Your answer should repeat every line of the records below in which the word "roman" appears.

▶ _Data to examine_
_ _ _ _

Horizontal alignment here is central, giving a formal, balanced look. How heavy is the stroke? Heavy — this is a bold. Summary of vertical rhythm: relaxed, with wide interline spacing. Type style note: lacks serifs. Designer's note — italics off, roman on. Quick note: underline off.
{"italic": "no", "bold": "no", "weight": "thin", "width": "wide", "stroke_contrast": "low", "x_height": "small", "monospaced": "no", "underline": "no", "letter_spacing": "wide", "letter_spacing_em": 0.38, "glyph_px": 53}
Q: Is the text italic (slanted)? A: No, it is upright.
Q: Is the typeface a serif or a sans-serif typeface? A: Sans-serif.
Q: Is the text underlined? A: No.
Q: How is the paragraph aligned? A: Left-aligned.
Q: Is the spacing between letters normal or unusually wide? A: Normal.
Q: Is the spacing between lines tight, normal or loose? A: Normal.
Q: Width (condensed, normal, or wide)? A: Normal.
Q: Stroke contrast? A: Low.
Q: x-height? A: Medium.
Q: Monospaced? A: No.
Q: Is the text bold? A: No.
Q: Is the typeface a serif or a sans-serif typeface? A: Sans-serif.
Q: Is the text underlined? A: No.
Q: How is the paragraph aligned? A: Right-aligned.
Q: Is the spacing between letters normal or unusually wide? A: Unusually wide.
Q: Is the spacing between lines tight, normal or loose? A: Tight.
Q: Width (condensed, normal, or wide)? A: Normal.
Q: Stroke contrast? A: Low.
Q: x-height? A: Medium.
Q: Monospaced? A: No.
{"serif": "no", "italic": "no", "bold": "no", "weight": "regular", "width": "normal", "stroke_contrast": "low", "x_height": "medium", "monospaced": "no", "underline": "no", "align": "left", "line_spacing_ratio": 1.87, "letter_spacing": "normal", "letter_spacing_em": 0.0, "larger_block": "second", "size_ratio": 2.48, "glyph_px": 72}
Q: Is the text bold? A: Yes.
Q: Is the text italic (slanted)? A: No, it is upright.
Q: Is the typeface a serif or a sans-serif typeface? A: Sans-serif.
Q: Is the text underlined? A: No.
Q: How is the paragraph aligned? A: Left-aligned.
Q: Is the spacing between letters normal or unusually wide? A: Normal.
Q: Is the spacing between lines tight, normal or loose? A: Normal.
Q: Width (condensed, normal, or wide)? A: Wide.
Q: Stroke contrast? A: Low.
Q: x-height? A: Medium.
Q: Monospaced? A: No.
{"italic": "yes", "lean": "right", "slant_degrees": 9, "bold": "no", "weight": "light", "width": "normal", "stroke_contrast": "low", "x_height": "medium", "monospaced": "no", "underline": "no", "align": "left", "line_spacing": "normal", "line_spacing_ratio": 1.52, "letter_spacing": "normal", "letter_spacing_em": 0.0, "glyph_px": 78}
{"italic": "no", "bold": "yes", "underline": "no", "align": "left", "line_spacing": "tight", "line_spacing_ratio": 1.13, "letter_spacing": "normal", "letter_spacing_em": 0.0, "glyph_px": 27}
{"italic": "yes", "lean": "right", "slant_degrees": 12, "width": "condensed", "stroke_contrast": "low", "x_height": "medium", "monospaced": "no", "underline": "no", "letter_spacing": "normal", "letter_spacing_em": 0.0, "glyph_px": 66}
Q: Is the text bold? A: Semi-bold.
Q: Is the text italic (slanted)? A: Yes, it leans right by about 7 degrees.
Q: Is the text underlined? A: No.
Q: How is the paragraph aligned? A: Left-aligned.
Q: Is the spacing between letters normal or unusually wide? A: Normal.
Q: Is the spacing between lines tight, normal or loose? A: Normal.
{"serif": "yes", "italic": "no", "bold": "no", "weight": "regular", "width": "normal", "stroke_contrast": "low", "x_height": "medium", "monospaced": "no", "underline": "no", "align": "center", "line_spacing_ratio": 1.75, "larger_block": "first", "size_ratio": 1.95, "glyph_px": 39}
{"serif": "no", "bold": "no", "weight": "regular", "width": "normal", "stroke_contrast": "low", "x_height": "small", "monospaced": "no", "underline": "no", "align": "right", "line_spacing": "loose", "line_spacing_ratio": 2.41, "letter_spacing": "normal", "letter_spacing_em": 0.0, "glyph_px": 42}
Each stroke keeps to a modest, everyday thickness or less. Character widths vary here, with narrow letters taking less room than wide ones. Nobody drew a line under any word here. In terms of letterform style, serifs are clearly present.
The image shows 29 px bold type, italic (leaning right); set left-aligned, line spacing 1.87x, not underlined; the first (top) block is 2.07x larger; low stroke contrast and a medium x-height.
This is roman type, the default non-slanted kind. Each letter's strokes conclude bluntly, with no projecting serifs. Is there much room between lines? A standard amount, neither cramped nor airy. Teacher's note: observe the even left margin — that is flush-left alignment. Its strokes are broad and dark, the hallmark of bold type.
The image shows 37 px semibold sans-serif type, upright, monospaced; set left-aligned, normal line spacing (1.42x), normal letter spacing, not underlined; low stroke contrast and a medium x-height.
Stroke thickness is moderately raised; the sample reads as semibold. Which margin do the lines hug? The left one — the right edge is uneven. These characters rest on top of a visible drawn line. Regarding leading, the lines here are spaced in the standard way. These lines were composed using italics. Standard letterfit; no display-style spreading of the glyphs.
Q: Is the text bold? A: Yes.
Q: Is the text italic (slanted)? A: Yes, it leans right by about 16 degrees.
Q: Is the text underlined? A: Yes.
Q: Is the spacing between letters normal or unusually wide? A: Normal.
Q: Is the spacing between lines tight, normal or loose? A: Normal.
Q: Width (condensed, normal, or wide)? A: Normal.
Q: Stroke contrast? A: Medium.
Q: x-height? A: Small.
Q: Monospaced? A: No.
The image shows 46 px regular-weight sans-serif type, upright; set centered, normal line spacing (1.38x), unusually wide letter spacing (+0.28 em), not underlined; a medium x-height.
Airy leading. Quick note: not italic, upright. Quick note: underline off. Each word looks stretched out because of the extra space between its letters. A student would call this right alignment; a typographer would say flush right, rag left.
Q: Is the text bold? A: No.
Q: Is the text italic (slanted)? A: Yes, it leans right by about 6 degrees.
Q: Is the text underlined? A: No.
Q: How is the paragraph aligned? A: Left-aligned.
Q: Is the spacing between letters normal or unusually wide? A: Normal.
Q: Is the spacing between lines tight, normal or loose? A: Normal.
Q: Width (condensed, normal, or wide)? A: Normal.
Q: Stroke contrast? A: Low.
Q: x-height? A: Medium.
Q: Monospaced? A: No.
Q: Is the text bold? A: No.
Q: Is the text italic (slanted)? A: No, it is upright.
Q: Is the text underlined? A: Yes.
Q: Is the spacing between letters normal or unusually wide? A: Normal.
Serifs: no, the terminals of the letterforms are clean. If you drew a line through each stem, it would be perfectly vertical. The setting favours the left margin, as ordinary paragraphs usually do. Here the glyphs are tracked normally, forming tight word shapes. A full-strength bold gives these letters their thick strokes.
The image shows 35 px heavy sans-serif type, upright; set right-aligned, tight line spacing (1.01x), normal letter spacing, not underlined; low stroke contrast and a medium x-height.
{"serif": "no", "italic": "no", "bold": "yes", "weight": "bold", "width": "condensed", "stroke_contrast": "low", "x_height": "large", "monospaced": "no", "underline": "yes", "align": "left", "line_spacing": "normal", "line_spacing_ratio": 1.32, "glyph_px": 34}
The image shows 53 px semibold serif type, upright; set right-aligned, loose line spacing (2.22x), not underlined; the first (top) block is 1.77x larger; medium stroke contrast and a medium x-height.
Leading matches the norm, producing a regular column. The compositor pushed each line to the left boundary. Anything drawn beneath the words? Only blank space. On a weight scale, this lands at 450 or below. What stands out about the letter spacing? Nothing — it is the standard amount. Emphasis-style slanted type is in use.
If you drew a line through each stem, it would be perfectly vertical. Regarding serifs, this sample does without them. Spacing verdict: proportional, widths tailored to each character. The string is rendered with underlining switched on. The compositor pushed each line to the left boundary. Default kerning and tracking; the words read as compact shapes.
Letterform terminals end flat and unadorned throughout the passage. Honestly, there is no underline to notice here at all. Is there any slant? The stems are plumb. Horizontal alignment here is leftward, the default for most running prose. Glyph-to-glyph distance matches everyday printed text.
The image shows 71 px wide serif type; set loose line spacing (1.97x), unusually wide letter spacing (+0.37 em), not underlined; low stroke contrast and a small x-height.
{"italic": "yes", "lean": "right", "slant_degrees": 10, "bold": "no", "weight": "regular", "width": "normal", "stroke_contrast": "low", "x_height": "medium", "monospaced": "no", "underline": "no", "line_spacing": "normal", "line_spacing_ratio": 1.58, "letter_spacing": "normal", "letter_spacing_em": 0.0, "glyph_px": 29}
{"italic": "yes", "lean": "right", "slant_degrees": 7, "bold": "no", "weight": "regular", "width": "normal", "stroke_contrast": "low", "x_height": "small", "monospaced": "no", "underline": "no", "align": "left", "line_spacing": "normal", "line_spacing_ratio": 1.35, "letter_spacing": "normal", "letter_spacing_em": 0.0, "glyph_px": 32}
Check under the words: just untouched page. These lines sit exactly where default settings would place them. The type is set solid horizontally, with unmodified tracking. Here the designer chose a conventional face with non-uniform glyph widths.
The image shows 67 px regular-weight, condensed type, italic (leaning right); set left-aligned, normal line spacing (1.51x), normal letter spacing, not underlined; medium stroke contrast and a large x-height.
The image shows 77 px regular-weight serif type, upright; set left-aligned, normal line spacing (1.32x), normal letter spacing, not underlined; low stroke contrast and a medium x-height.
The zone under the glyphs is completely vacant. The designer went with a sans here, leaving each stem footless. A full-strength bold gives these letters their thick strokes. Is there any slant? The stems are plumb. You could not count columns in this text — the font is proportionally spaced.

_ _ _ _

▶ _Solution_
Horizontal alignment here is central, giving a formal, balanced look. How heavy is the stroke? Heavy — this is a bold. Summary of vertical rhythm: relaxed, with wide interline spacing. Type style note: lacks serifs. Designer's note — italics off, roman on. Quick note: underline off.
This is roman type, the default non-slanted kind. Each letter's strokes conclude bluntly, with no projecting serifs. Is there much room between lines? A standard amount, neither cramped nor airy. Teacher's note: observe the even left margin — that is flush-left alignment. Its strokes are broad and dark, the hallmark of bold type.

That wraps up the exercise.